Task goal: Would you please return the data below verbatim, without its pictures?

Material provided:
=== Section Start ===
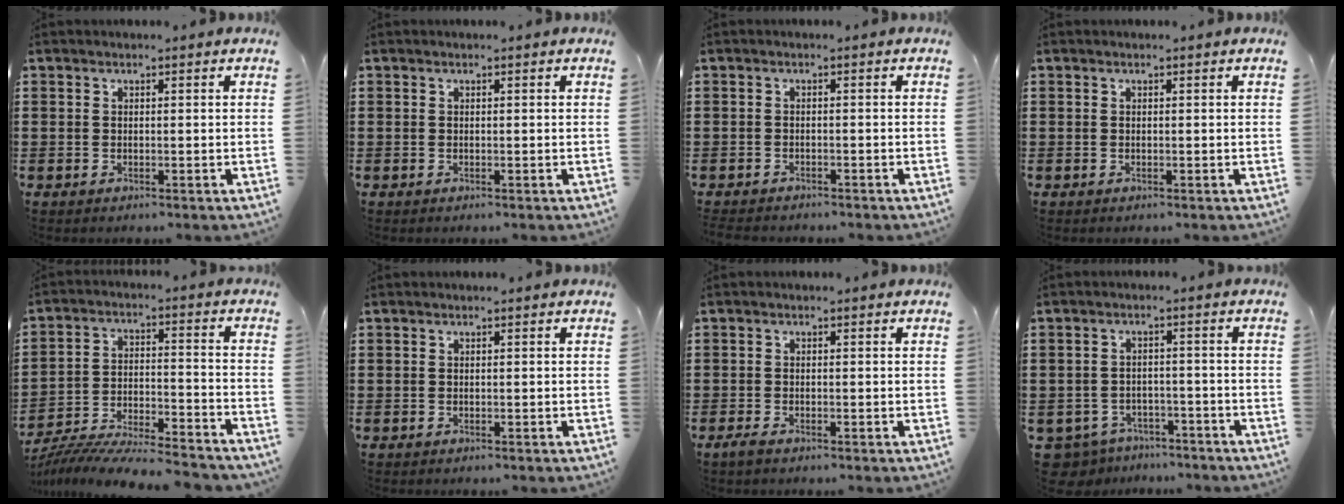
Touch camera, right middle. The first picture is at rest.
{"total": 0.0}
{"total": 1.1, "force": [-1.0, 0.2, 0.1], "torque": [-0.005, 0.001, -0.023]}
{"total": 0.0}
{"total": 7.9, "force": [-7.7, 0.2, 1.8], "torque": [-0.028, 0.007, -0.152]}
{"total": 0.0}
{"total": 1.1, "force": [-0.8, 0.3, 0.7], "torque": [-0.023, -0.004, -0.019]}
{"total": 3.8, "force": [-3.7, 1.0, 0.1], "torque": [-0.025, 0.000, -0.083]}
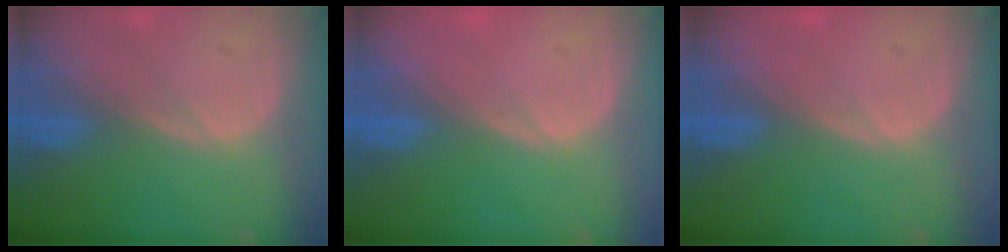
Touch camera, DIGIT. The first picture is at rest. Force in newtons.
{"total": 0.0}
{"total": 0.0}
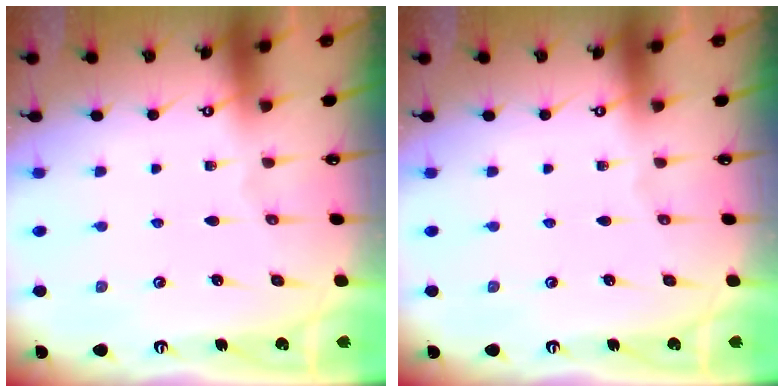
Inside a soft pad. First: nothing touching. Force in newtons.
{"total": 0.0}
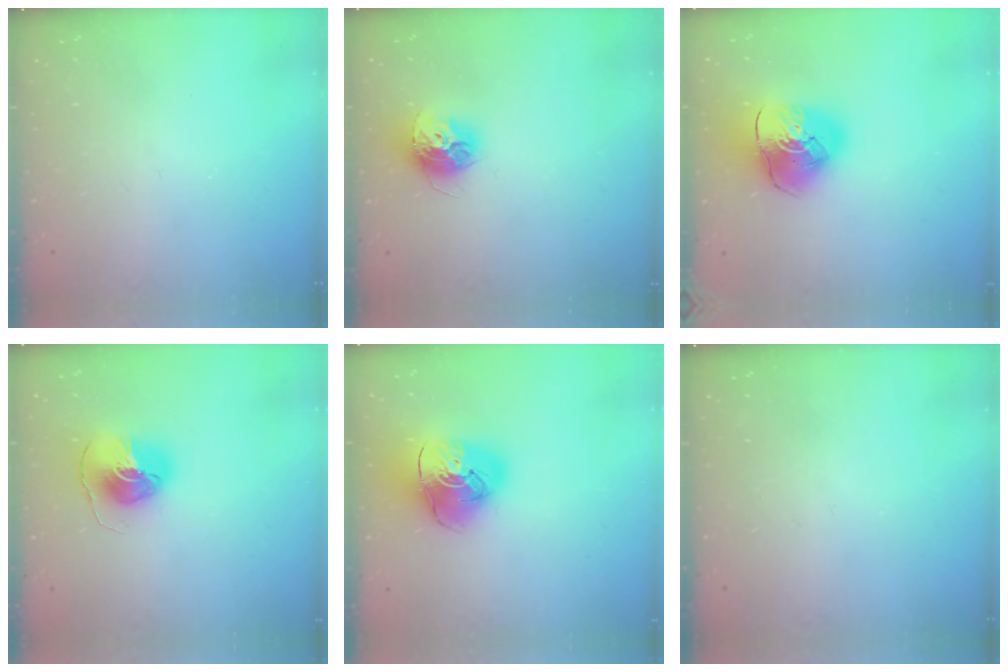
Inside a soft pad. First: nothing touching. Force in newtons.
{"total": 12.2, "press": 12.1, "slide": 1.0}
{"total": 12.9, "press": 12.8, "slide": 1.8}
{"total": 8.7, "press": 8.7, "slide": 0.6}
{"total": 13.9, "press": 13.8, "slide": 1.7}
{"total": 0.0}
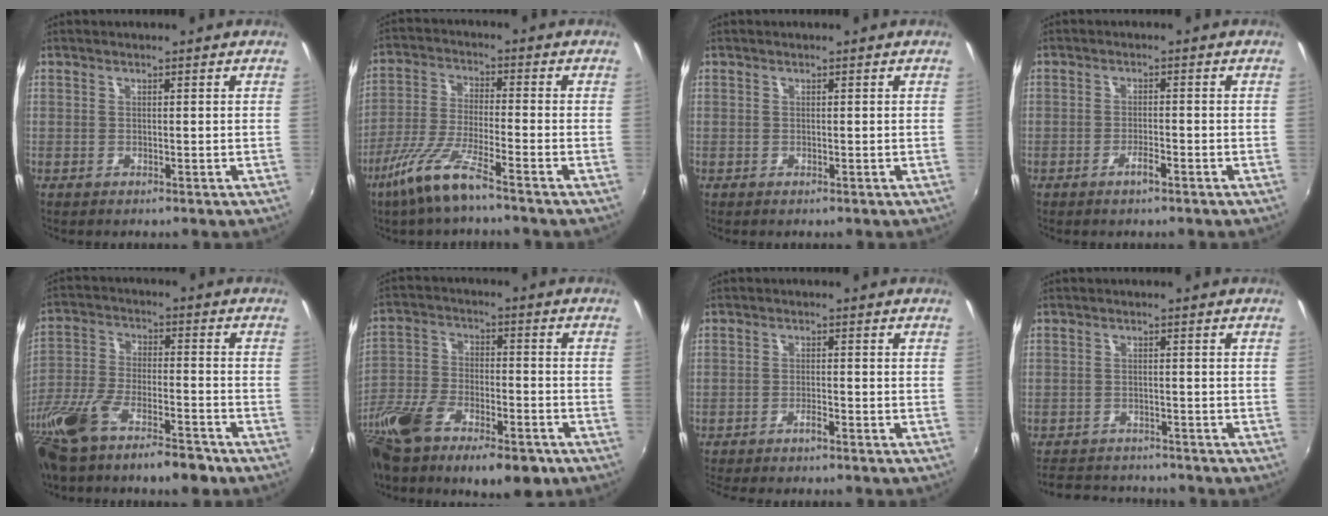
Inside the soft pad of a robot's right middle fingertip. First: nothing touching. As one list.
=== Section End ===
Written answer:
Touch camera, right middle. The first picture is at rest.
{"total": 0.0}
{"total": 1.1, "force": [-1.0, 0.2, 0.1], "torque": [-0.005, 0.001, -0.023]}
{"total": 0.0}
{"total": 7.9, "force": [-7.7, 0.2, 1.8], "torque": [-0.028, 0.007, -0.152]}
{"total": 0.0}
{"total": 1.1, "force": [-0.8, 0.3, 0.7], "torque": [-0.023, -0.004, -0.019]}
{"total": 3.8, "force": [-3.7, 1.0, 0.1], "torque": [-0.025, 0.000, -0.083]}
Touch camera, DIGIT. The first picture is at rest. Force in newtons.
{"total": 0.0}
{"total": 0.0}
Inside a soft pad. First: nothing touching. Force in newtons.
{"total": 0.0}
Inside a soft pad. First: nothing touching. Force in newtons.
{"total": 12.2, "press": 12.1, "slide": 1.0}
{"total": 12.9, "press": 12.8, "slide": 1.8}
{"total": 8.7, "press": 8.7, "slide": 0.6}
{"total": 13.9, "press": 13.8, "slide": 1.7}
{"total": 0.0}
Inside the soft pad of a robot's right middle fingertip. First: nothing touching. As one list.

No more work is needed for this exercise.